The highest section of the Nomad archive (I think it’s called “EntryArchive”) consists of several pre-defined subsections such as “definitions”, “results”, “data”, “run” and more.
I would now like to fill out the “results” subsection with my own quantities and numbers as well as with the simulation results.
The simulation results of “Lightforge” are .dat files consisting of 2 columns (separated by tabs): x-axis and y-axis values.
So all in all, I would like to accomplish 2 things:

  1. I would like the values from the .dat files to appear in the “results” subsection (and not the “definitions” or “data” subsections).
  2. I would like to be able to define my own keys and their values in the “results” subsection (such as “method: kinetic Monte Carlo” as shown in line 4 of the following example yaml schema):
results:
  sections:
	material: Graphene
	method: kinetic Monte Carlo
	properties:
		structures:
		electronic: 
			quantum_efficiency_x: <x-axis values from first column of the .dat file>
			quantum_efficiency_y: <y-axis values from second column of the .dat file>	

It would be very nice if someone could help me with the yaml schema. Thank you very much in advance!
ps: I dont know why some words are in bold, I didnt use the bold function.

Hi Fabian,

Thanks a lot for contacting us. Jose Pizarro here, one of the experts in computational data.

So as far as I understand, the section results is protected to custom schemas defined by users. This is because things like elasticsearch and then search filters are applied to it (maybe someone from Area D can correct me if I am wrong). The working procedure is that, sections like data (thought in the case of computational data is typically under run) can be populated with whatever schema you want, and then a set of normalizations apply to map some of that data into results. In order for these normalizations to be applied, some base class have to be defined in the Python schema. A very simplistic view of this would be:

class KMC(MSection):
   <whatever quantities define a kinetic MC calculation; similar to what you define in the YAML schema but here>

   def normalize(self):
       <populating results sections and quantities>

You can of course, decide to simply populate data with your metadata schema and plots. Later we can give it support by defining these classes; there is no real restriction for you to start using it right away and later revisit it for refinement :slight_smile:

In any case, if you feel it and as an alternative way, we can help you supporting your data from Lightforge, so the data you want (in this case, quantum efficiencies, but it can be anything) is correctly parsed, the normalizers are then applied and results is properly populated, and even add searches for your specific data. If the idea attracts you, feel free to drop a yes, I will be happy to organize it so you can quickly start using it.

Best regards,
Jose

Thank you very much for your fast reply, Jose! For now, I will try to make a python schema work for us.

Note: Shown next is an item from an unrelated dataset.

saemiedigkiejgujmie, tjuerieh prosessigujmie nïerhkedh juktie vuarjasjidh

Sure, feel free to reach out if you have any problems, and also check out our last tutorials, these will help you a lot when creating this schema: 8, 10, and if you feel brave enough, tutorial number 9.

All the best,
Jose

Hi Jose

I’m sorry to bother you again. I’m working on a python schema, and would like to clarify:
In section results, subsection properties, I would like a new subsection called “Quantum efficiency” and assign it a value of 50%.
This is impossible, right? (because this would be a custom schema and results section doesn’t accept custom schemas)

Hi @fabian_li!
In principle, we would aim to add this quantity to our curated results in the near future. More precisely, it would possibly go to results.properties.optoelectronic. However, we would need to discuss much more this, as this would be re-used by many potential future use cases, including experimental ones.
If we would include this, we will possibly need to have another quantity to consider at which injection level this quantum_efficiency was measured or derived. And also from which technique this was derived, to account for photoluminescence, external_solar_cell_quantum_efficiency, electroluminescence, and so on.

You can however have this in your custom schema. Your quantity would look something like this:

quantum_efficiency= Quantity(
    type=np.float64,
    description='''
    The integrated quantum efficiency of the system.
    Per definition a positive value less than or equal to 1.
    ''',
)

My recommendation is that you store it not in percentage, as we do not have support for percentage units at the moment.
In the future, we could also copy it to the results section when we define how quantum_efficiency should look in there. This is anyhow planned work for us.

Please, let us know if you get further stuck. Maybe it helps to share your repo with one of us to see how we could help more.

Thanks for the quick reply. I’d like to clarify 1 more general thing regarding python schemas:

I know I can populate the results section with my own numbers (using normalizer functions), but only within the official schema that’s currently in use, right? In other words: There’s no way for myself to change the schema of the results section, not even with normalizer functions, only Nomad staff can change it, is this correct?

Sorry if this question seems repetitive, but this is important info and I have to report this to my supervisor.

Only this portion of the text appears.